While some fans stay in Hammertown to watch fireworks, eat or head to the concert stage to listen to bands like Sublime and Mama Foxxy & The Whiskey Gypsy Rebels, others make for formidable boulder canyons with names like Chocolate Thunder and Backdoor to watch racer-wannabes climb the trails.

“We’re mostly here for the after-race. It’s controlled chaos,” said Robbins’ husband, Lance Robbins, 32. “We just love to come out here and hang out with our families.”

The sun sets and Hammers fans head for the hills to try out the challenges that racers deal with during the day. Challenges like Chocolate Thunder rock ravine.

An endless line of off-road mods lines up to conquer Backdoor’s formidable rock wall. Engines roar, 40-inch tires spin, tube frames flex. Some make it up, other flip on their backs like turtles.

“Everyone thinks they have that special thing. And when the racing ends, you can find out how good you are and where your talent runs out,” Zielinski said with a laugh.
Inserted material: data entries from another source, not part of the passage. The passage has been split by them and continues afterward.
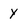
Character: Y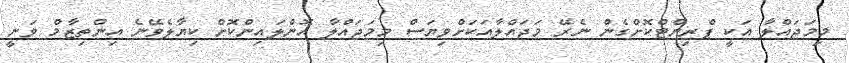
މިމަޖައްލާ އަކީ ޕްރިންޓްކޮށްގެން ނެރޭ މަޖައްލާއަކަށްވިޔަސް މިމަޖައްލާ އޮންލައިންކޮށް ކިޔާލެވޭނެ އިންތިޒާމް ވަނީ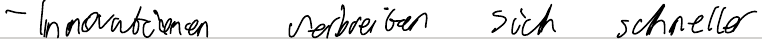
- Innovationen verbreiten sich schneller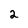
Character: 2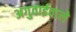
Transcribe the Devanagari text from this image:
अगुवाईवाले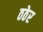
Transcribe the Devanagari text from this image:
ठठेर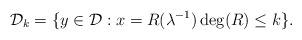
LaTeX: \begin{align*}\mathcal{D}_{k}=\{y\in \mathcal{D}:x=R(\lambda ^{-1})\deg(R)\leq k\}.\end{align*}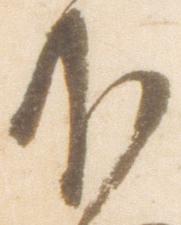
下
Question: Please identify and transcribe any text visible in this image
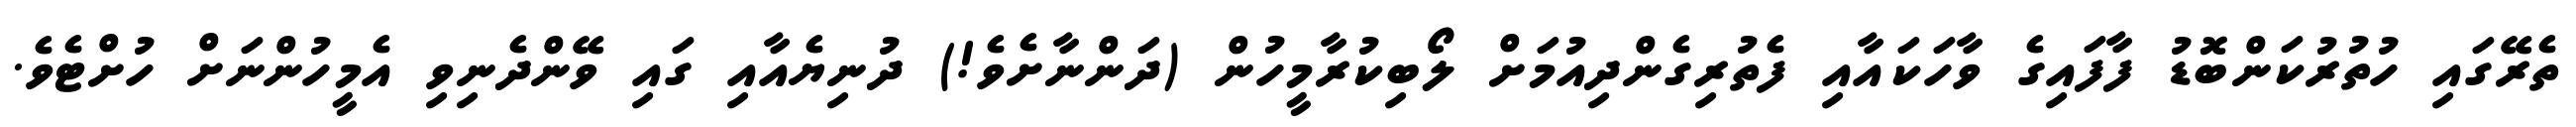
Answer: ތެރޭގައި ހުތުރުކަންބޮޑު ފާފައިގެ ވާހަކައާއި ފެތުރިގެންދިއުމަށް ލޯބިކުރާމީހުން (ދަންނާށެވެ!) ދުނިޔެއާއި ގައި ވޭންދެނިވި އެމީހުންނަށް ހުށްޓެވެ.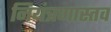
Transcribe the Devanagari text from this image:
नियंत्रणास्तव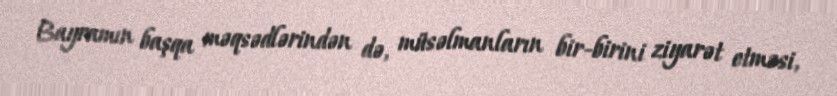
Bayramın başqa məqsədlərindən də, müsəlmanların bir-birini ziyarət etməsi,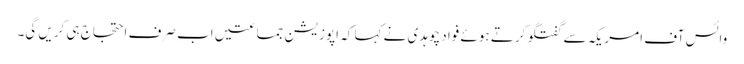
وائس آف امریکہ سے گفتگو کرتے ہوئے فواد چوہدی نے کہا کہ اپوزیشن جماعتیں اب صرف احتجاج ہی کریں گی۔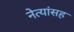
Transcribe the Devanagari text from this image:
नेत्यांसह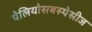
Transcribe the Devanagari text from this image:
पेलियोसबस्पेसीज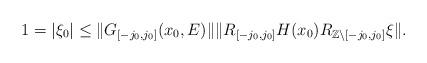
LaTeX: \begin{align*}1=|\xi_{0}|\leq\|G_{[-j_0,j_0]}(x_0,E)\|\|R_{[-j_0,j_0]}H(x_0)R_{\mathbb{Z}\setminus[-j_0,j_0]}\xi\|.\end{align*}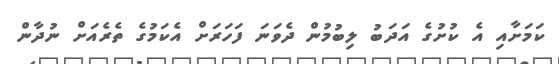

For Ford, it’s all business.

When the Ford team isn’t taking drivetrain and suspension learnings from the Hammers classroom, it’s entertaining customers in its paddock display booth and Bronco Nation paddock.

Top Ford Team drivers of the Bronco 4400 Series Race Car are two-time King of the Hammers winner Loren Healy.

This year, the Blue Oval debuted a special King of the Hammers Bronco — complete with 4-inch lift and special Fox dampers — and showed off its first Bronco DR turn-key racer to customer teams. Ford brings a full feet of partners and drivers to communicate the brand.

“We have great drivers like two-time (4400 class) winner Loren Healy, 4600 class champion Jason Scherer, Vaughn Gittin Jr., Bailey Cole, Brad Lovell. Brad had been a great partner for us in developing the Branco Raptor, F-150 Raptor, Bronco 4600, Bronco DR — and he raced Ranger Raptor for us at (last year’s) Baja 1000. Everywhere we go racing, we need great partners, great people.”